### Problem details:
Omit the pictures, then write out every entry exactly as it reads.

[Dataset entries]
──────

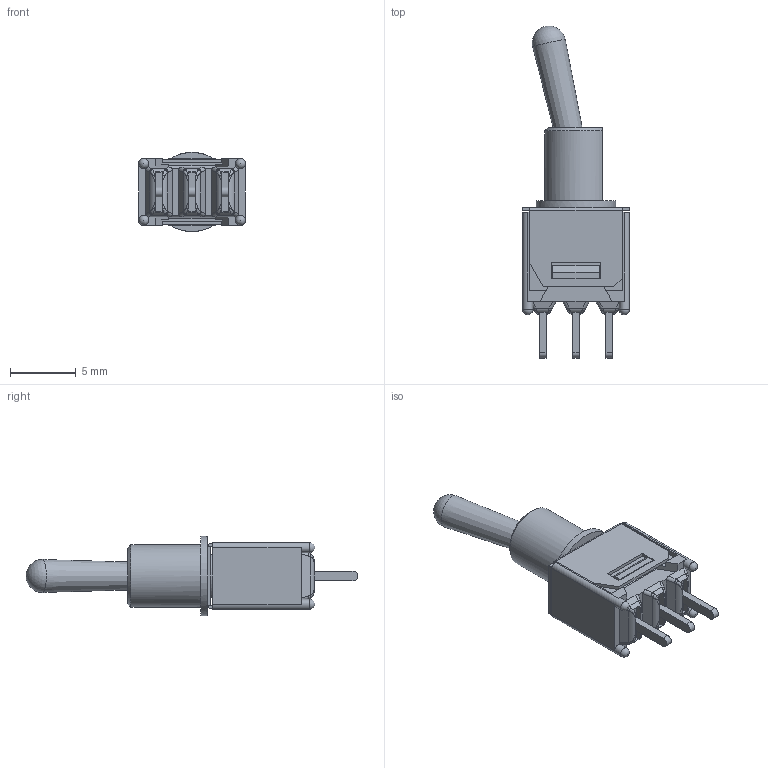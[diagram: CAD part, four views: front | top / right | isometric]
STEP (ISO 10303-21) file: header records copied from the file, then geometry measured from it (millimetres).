
FILE_DESCRIPTION( ( 'STEP AP214' ), '1' );
FILE_NAME( 'T103M1H9CBE.stp', '2019-08-28T20:22:36', ( '' ), ( '' ), ' ', 'PARTsolutions', ' ' );
FILE_SCHEMA( ( 'AUTOMOTIVE_DESIGN { 1 0 10303 214 1 1 1 1 }' ) );
Length unit declared in the file: inch
Products named in the file (3): T103M1H9CBE; 1
Assembly tree (2 placements, depth 2):
  T103M1H9CBE
    1
    1
Bounding box: 8.13 x 25.31 x 6.05 mm (x, y, z)
Volume: 49.7 mm3; surface area: 1049.1 mm2
Topology: 1 solids, 375 shells, 383 faces, 2136 edges, 2115 vertices
Faces by surface type: plane 267, cylinder 66, bspline 36, cone 6, sphere 6, torus 2
Full cylindrical faces by diameter (mm): 0.762 x4, 1.295 x1, 2.718 x1, 3.175 x1, 6.045 x1
Entity records: 23089 total; most frequent: CARTESIAN_POINT 8030, DIRECTION 2828, ORIENTED_EDGE 2108, VERTEX_POINT 2106, EDGE_CURVE 2100, LINE 1580, VECTOR 1580, AXIS2_PLACEMENT_3D 624

──────

### Solution for this exercise:
[diagram: CAD part, four views: front | top / right | isometric]
STEP (ISO 10303-21) file: header records copied from the file, then geometry measured from it (millimetres).
FILE_DESCRIPTION( ( 'STEP AP214' ), '1' );
FILE_NAME( 'T103M1H9CBE.stp', '2019-08-28T20:22:36', ( '' ), ( '' ), ' ', 'PARTsolutions', ' ' );
FILE_SCHEMA( ( 'AUTOMOTIVE_DESIGN { 1 0 10303 214 1 1 1 1 }' ) );
Length unit declared in the file: inch
Products named in the file (3): T103M1H9CBE; 1
Assembly tree (2 placements, depth 2):
  T103M1H9CBE
    1
    1
Bounding box: 8.13 x 25.31 x 6.05 mm (x, y, z)
Volume: 49.7 mm3; surface area: 1049.1 mm2
Topology: 1 solids, 375 shells, 383 faces, 2136 edges, 2115 vertices
Faces by surface type: plane 267, cylinder 66, bspline 36, cone 6, sphere 6, torus 2
Full cylindrical faces by diameter (mm): 0.762 x4, 1.295 x1, 2.718 x1, 3.175 x1, 6.045 x1
Entity records: 23089 total; most frequent: CARTESIAN_POINT 8030, DIRECTION 2828, ORIENTED_EDGE 2108, VERTEX_POINT 2106, EDGE_CURVE 2100, LINE 1580, VECTOR 1580, AXIS2_PLACEMENT_3D 624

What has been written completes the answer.